Der Kaiser Qianlong musste zum dritten Mal nach Jiaxing kommen, um endlich die Sonne zu sehen. Das freudige Ereigniss hat er sofort in einem Gedicht festgehalten, das nach wie vor auf einer Steinstele zu besichtigen ist. Auch rund 300 Jahre später hat sich die Wetterlage anscheinend nicht besonders gebessert. Es gießt in Strömen über den Südlichen See von Jiaxing. Die kleine Stadt in Zhejiang ist rund 100 Kilometer von Shanghai entfernt.
Es ist die Heimatstadt der Zongzi, der leckeren Klebreisklößchen, die traditionell zum Drachenbootfest serviert werden.

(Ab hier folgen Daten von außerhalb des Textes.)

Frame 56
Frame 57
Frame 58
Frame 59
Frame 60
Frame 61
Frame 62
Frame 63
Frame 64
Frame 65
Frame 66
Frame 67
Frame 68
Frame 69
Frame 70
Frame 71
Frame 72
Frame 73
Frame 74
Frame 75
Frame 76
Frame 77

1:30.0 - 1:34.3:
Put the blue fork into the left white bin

Aber auch zahlreiche berühmte Dichter und Intellekruelle nannten Jiaxing ihre Heimat.
Darunter waren auch mehrere Gründungsmitglieder der Kommunistischen Partei Chinas. Während des ersten Parteitags in Shanghai sollen die 13 Aktivisten einen merkwürdigen Besuch erhalten haben. Man wurde hellhörig und beschloss, auf Nummer sicher zu gehen und die Stadt zu verlassen. Wang Huiwu, die Frau des Theoretikers Li Da, hat ihren Hematkreis Jiaxing als idealen Fluchtort vorgeschlagen. Man nahm den Zug und stieg in der malerischen Kleinstadt aus, die schon damals ein beliebter Ausflugsort für Städter war. Um nicht aufzufallen, haben die jungen Kommunisten ein Ausflugsboot gemietet, in dem schließlich die letzten Details des Parteiprogramms beschlossen wurden. Dann hat man wieder seine Sachen gepackt und ist zurück nach Shanghai gekehrt.

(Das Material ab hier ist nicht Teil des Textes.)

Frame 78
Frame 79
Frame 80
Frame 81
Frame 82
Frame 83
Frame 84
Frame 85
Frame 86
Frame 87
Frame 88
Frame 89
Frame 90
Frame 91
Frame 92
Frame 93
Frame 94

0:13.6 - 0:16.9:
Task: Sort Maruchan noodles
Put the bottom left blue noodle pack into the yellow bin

Heute ist der Nanhu von Jiaxing eine beliebtes Ziel für „rote Reisen". So nennt man im modernen China Touren, die an geschichtsträchtige Orte führen, die für die Kommunistische Bewegung von Bedeutung waren. Tausende Touristen drängen sich an der kleinen Insel, an der das Duplikat des Bootes steht, in dem Geschichte geschrieben wurde. Das Original ging in den Kriegswirren verloren. Junge Parteimitglieder schwören hier, die Prinzipien der Partei zu befolgen und Leute von außerhalb verbinden einen Spaziergang in der malerischen Landschaft mit gelebter Geschichte. Nur der Nieselregen von Jiaxing scheint sich seit der Zeit von Qianlong nicht geändert zu haben.